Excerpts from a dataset
————

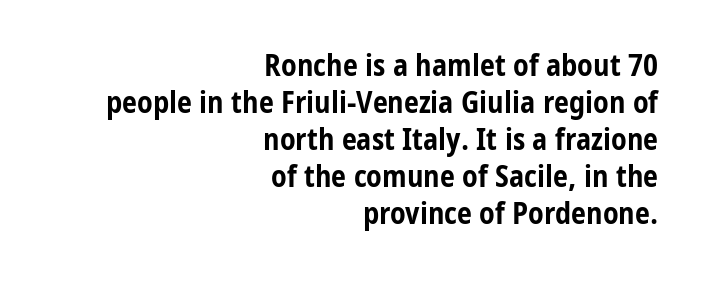
Short note: letters normally spaced. These lines carry a lot of weight — the face is fully bold. Nope, no serifs anywhere on these letters. Short and long lines alike share a common ending point at right. The foot of each line stays bare and open.
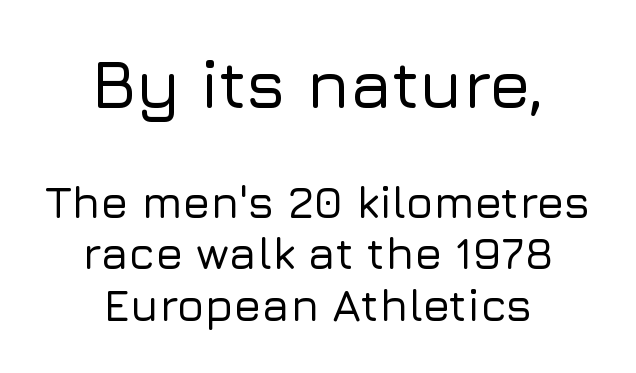
Q: Is the text italic (slanted)? A: No, it is upright.
Q: Is the typeface a serif or a sans-serif typeface? A: Sans-serif.
Q: Is the text underlined? A: No.
Q: How is the paragraph aligned? A: Centered.
Q: Is the spacing between letters normal or unusually wide? A: Normal.
Q: Is the spacing between lines tight, normal or loose? A: Tight.
Q: Which block of text is set in a larger size, the first (top) or the second (bottom)? A: The first (top) one.
Q: Width (condensed, normal, or wide)? A: Normal.
Q: Stroke contrast? A: Low.
Q: x-height? A: Medium.
Q: Monospaced? A: No.
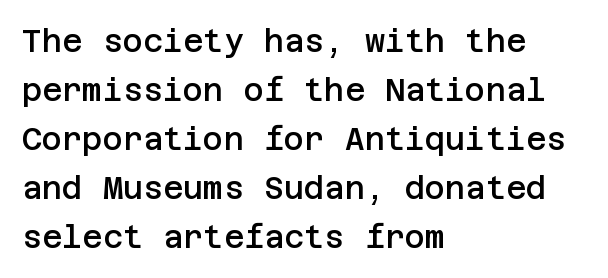
The text block is weighted toward the left margin, trailing off unevenly rightward. These lines sit exactly where default settings would place them. Is this a sans? Yes — the strokes have no serifs. Bare-footed words on every line.
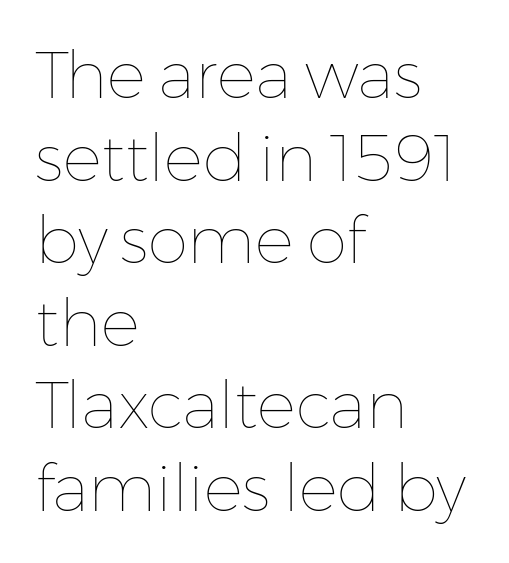
The passage shown is not underscored anywhere. Stem width sits at or under what a default text font uses. The rag falls on the right side of this text block. A typesetter would call this proportional, since set widths differ per character.

————

_WHAT IS BEING ASKED_: Retype exactly the lines above, starting at the line containing "The text block" and ending with the last line, both included; leave out the pictures.

_REPLY_:
The text block is weighted toward the left margin, trailing off unevenly rightward. These lines sit exactly where default settings would place them. Is this a sans? Yes — the strokes have no serifs. Bare-footed words on every line.
The passage shown is not underscored anywhere. Stem width sits at or under what a default text font uses. The rag falls on the right side of this text block. A typesetter would call this proportional, since set widths differ per character.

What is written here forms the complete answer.